▶ DATA PROVIDED:

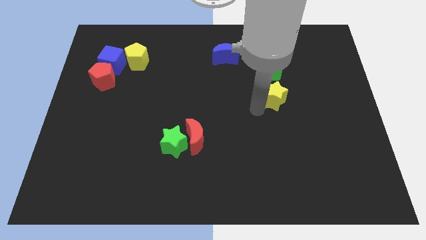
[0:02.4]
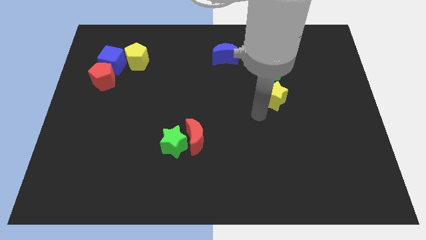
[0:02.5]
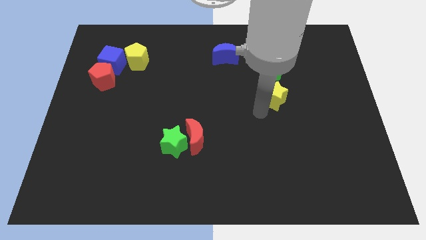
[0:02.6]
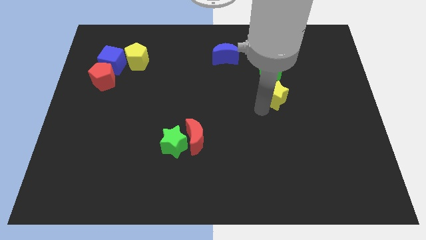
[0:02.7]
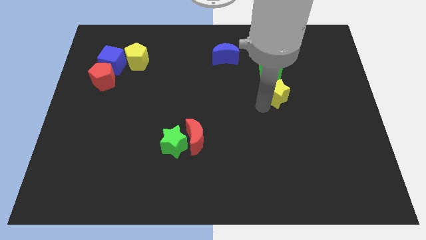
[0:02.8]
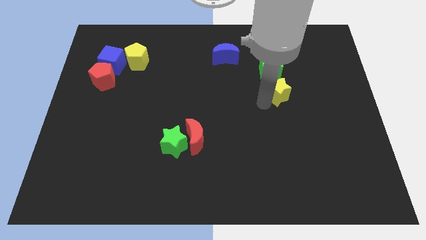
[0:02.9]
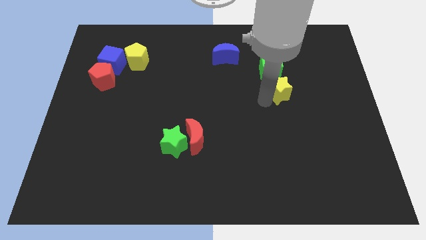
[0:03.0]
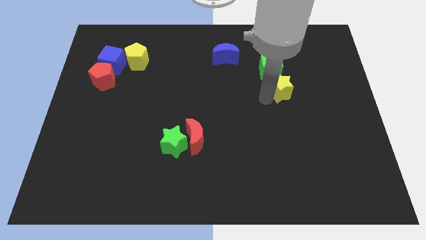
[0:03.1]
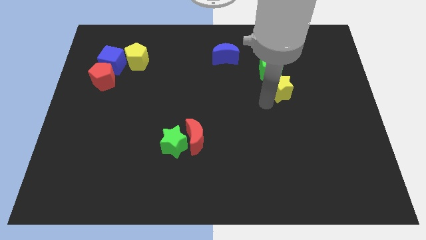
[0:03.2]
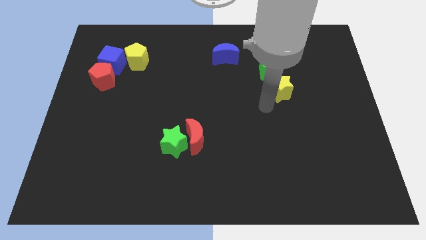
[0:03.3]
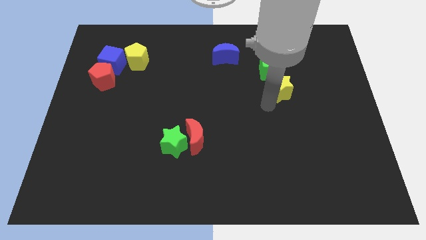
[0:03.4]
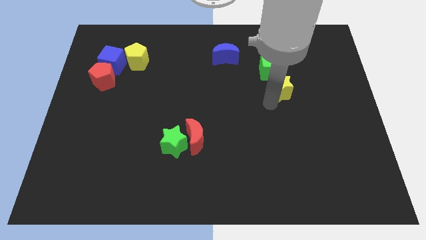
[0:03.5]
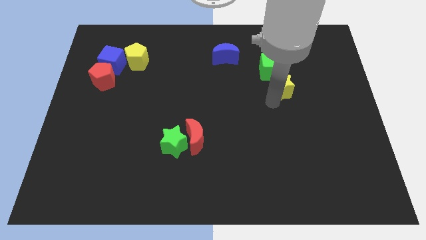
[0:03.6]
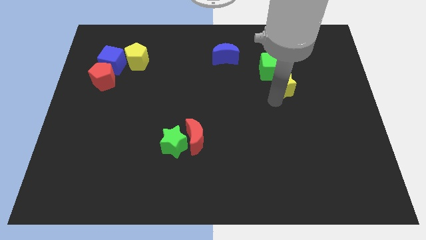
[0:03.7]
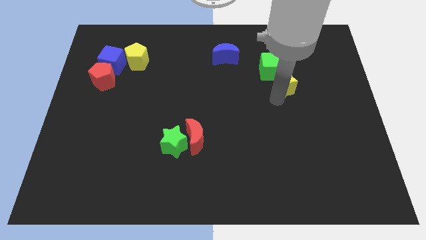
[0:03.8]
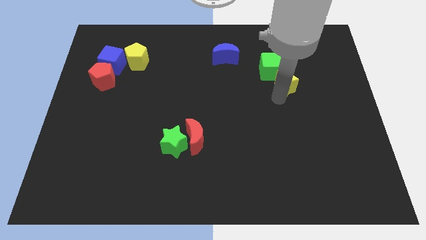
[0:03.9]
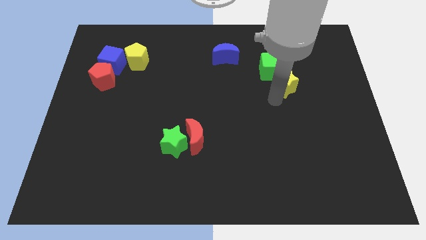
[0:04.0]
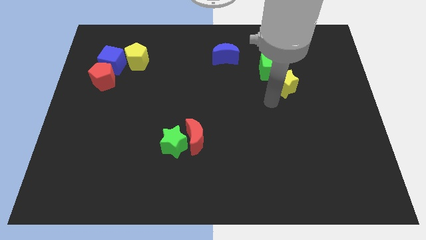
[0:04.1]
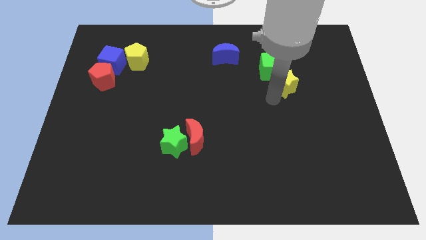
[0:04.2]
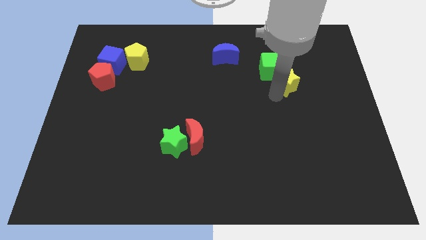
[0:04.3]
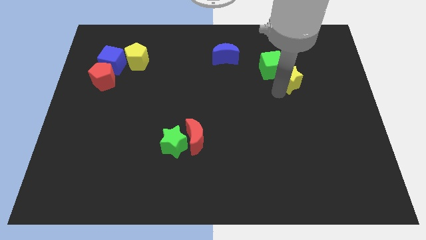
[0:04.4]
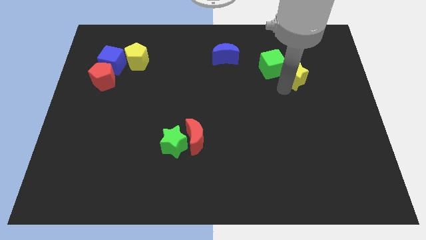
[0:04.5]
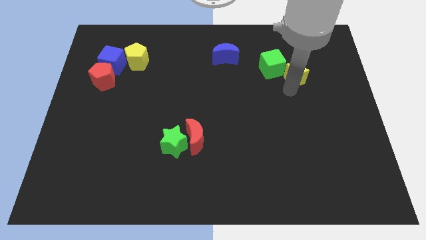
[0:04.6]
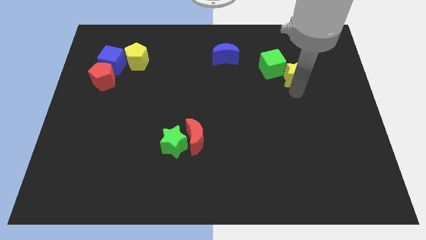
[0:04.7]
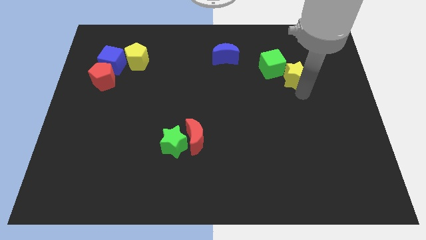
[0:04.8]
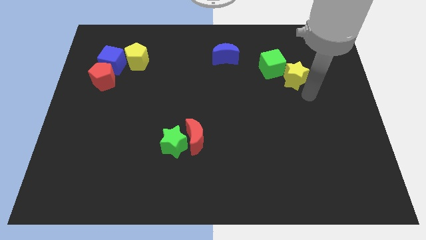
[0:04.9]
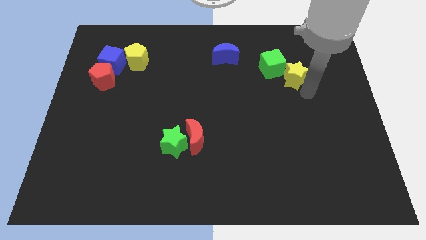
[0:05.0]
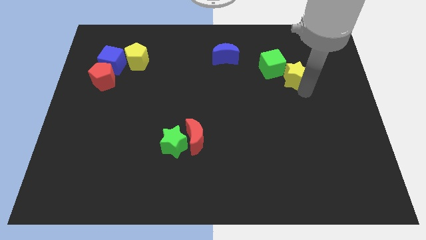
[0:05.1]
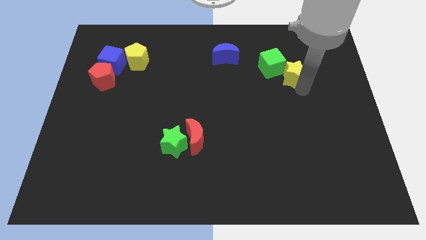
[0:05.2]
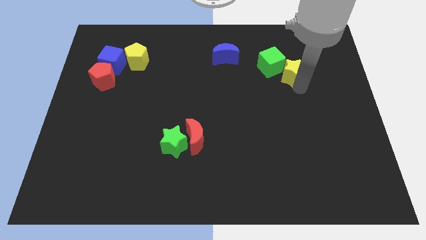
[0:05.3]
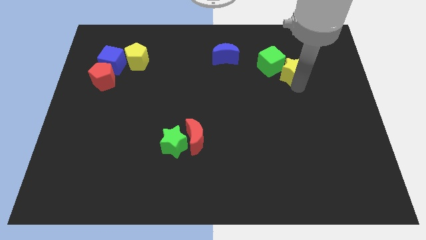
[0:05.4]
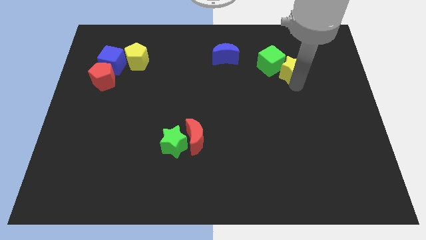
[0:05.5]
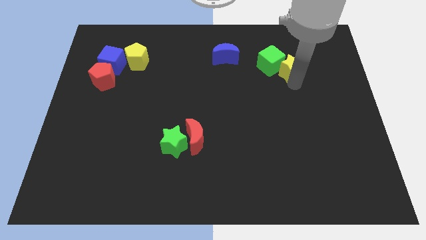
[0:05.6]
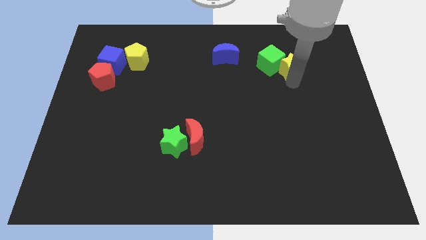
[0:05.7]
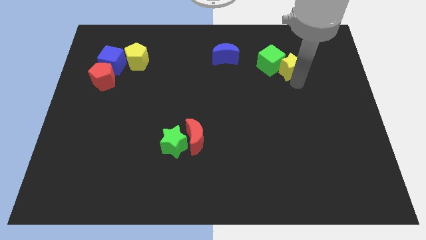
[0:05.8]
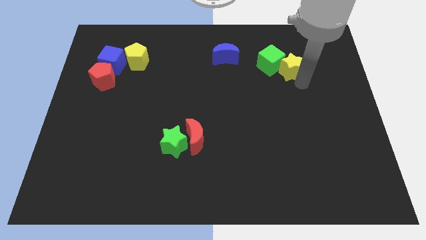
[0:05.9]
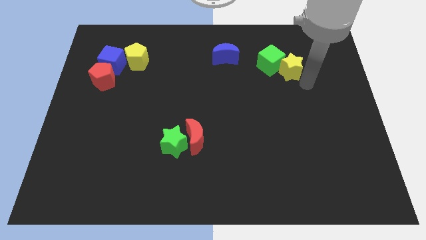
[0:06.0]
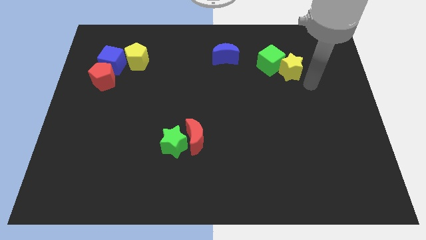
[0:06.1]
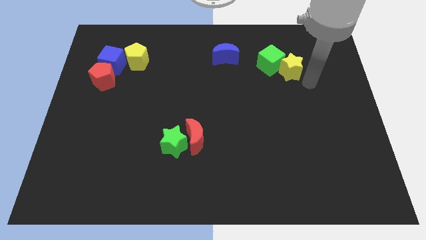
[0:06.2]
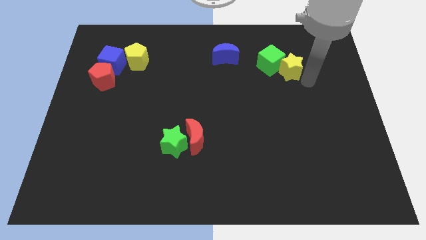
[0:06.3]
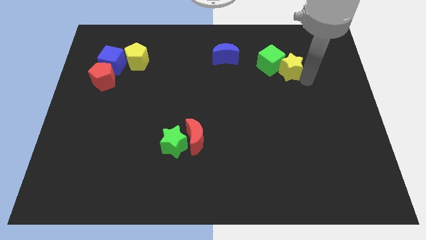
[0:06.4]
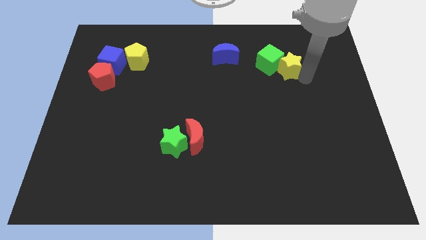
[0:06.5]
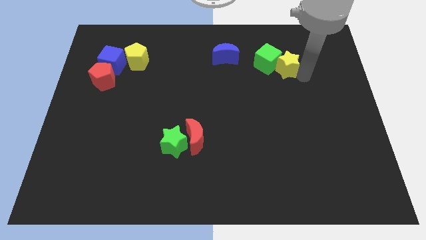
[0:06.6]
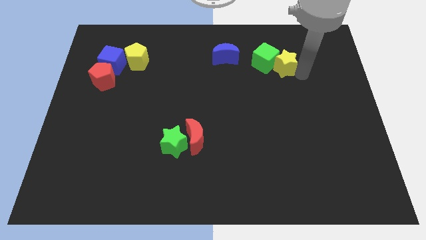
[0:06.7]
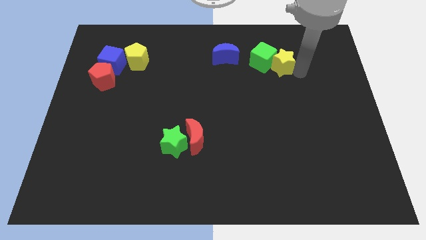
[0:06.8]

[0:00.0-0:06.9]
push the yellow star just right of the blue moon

▶ ASSIGNED TASK:
Repeat the records exactly, without the pictures.

▶ ANSWER AREA:
[0:02.4]
[0:02.5]
[0:02.6]
[0:02.7]
[0:02.8]
[0:02.9]
[0:03.0]
[0:03.1]
[0:03.2]
[0:03.3]
[0:03.4]
[0:03.5]
[0:03.6]
[0:03.7]
[0:03.8]
[0:03.9]
[0:04.0]
[0:04.1]
[0:04.2]
[0:04.3]
[0:04.4]
[0:04.5]
[0:04.6]
[0:04.7]
[0:04.8]
[0:04.9]
[0:05.0]
[0:05.1]
[0:05.2]
[0:05.3]
[0:05.4]
[0:05.5]
[0:05.6]
[0:05.7]
[0:05.8]
[0:05.9]
[0:06.0]
[0:06.1]
[0:06.2]
[0:06.3]
[0:06.4]
[0:06.5]
[0:06.6]
[0:06.7]
[0:06.8]

[0:00.0-0:06.9]
push the yellow star just right of the blue moon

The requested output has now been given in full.